» What you need to do
Print only the lines that begin at the line containing "C18,1.265 17.887,1.52 17.686,1.707" and end at the last line of the material, both included, without any change.

» Data section
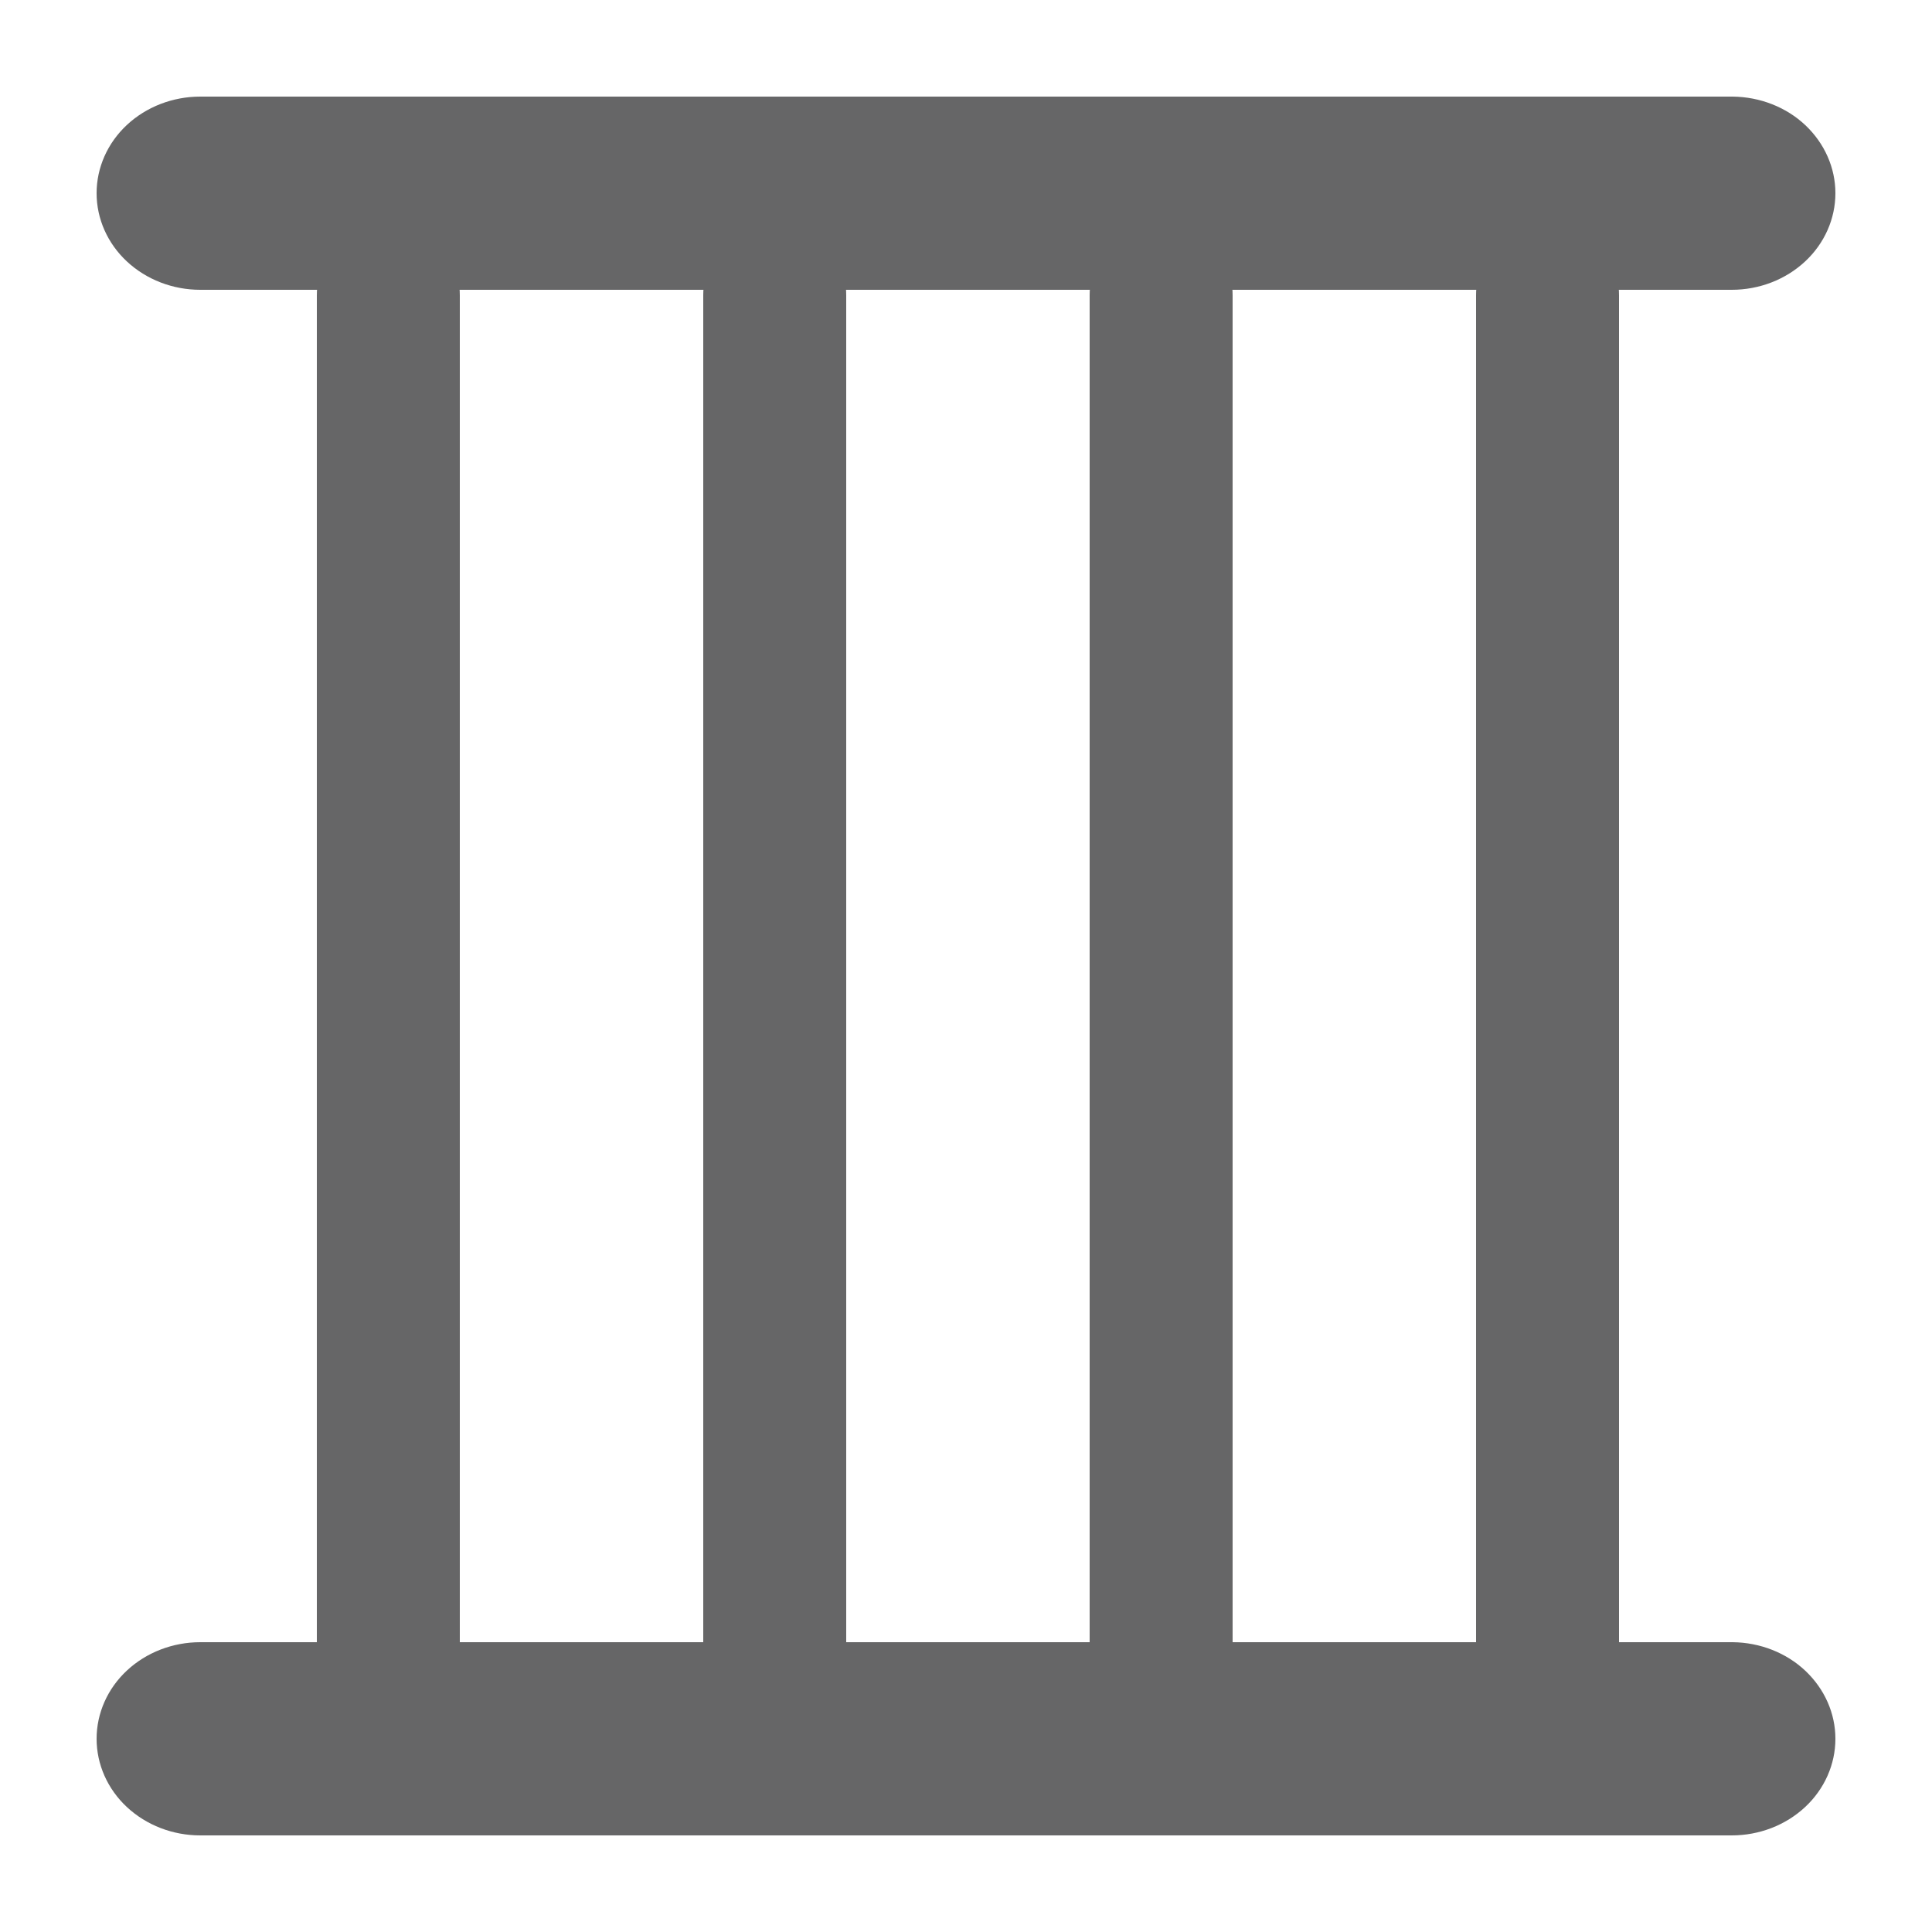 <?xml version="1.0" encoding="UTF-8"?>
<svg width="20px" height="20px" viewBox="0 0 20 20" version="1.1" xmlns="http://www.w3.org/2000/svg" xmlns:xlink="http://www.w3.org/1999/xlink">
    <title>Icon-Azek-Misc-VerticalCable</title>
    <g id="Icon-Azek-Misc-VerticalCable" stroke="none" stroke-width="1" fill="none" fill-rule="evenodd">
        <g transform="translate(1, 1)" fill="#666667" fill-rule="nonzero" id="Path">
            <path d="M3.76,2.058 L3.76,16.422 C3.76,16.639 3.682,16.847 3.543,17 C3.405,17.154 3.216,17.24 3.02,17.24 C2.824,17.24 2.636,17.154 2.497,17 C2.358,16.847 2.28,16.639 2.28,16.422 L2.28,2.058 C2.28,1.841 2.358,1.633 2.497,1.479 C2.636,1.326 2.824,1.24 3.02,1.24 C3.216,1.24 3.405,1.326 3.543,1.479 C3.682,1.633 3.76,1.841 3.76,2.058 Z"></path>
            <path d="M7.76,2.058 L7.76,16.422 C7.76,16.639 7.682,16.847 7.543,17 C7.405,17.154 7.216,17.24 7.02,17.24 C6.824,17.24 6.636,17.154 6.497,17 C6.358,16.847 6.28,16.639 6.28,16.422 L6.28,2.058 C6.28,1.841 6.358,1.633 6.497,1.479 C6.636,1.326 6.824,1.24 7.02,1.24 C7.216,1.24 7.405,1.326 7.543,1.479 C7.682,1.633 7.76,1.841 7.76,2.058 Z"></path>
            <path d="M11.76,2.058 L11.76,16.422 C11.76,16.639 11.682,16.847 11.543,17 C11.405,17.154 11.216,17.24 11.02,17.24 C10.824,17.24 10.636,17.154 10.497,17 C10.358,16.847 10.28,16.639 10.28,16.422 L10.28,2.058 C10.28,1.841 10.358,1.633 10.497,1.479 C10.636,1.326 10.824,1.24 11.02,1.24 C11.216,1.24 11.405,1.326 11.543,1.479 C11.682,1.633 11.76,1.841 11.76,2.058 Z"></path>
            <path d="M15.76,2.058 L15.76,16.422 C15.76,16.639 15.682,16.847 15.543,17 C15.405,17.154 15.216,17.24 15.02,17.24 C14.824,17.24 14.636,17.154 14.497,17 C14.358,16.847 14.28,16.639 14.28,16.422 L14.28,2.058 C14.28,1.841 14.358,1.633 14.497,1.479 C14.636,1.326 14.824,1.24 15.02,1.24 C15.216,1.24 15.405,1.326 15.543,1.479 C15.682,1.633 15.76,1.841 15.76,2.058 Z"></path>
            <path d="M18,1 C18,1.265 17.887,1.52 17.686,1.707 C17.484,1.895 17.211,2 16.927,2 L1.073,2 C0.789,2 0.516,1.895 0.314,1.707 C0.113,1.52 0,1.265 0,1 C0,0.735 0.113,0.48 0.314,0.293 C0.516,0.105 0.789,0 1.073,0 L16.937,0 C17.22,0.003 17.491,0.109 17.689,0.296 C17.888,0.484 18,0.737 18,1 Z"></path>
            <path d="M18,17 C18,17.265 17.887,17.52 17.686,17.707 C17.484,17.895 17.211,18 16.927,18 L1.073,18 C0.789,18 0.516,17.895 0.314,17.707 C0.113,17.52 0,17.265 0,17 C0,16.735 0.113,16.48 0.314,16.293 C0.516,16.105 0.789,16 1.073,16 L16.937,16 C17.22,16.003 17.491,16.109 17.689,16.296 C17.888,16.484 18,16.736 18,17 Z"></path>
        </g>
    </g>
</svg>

» Task answer
            <path d="M18,1 C18,1.265 17.887,1.52 17.686,1.707 C17.484,1.895 17.211,2 16.927,2 L1.073,2 C0.789,2 0.516,1.895 0.314,1.707 C0.113,1.52 0,1.265 0,1 C0,0.735 0.113,0.48 0.314,0.293 C0.516,0.105 0.789,0 1.073,0 L16.937,0 C17.22,0.003 17.491,0.109 17.689,0.296 C17.888,0.484 18,0.737 18,1 Z"></path>
            <path d="M18,17 C18,17.265 17.887,17.52 17.686,17.707 C17.484,17.895 17.211,18 16.927,18 L1.073,18 C0.789,18 0.516,17.895 0.314,17.707 C0.113,17.52 0,17.265 0,17 C0,16.735 0.113,16.48 0.314,16.293 C0.516,16.105 0.789,16 1.073,16 L16.937,16 C17.22,16.003 17.491,16.109 17.689,16.296 C17.888,16.484 18,16.736 18,17 Z"></path>
        </g>
    </g>
</svg>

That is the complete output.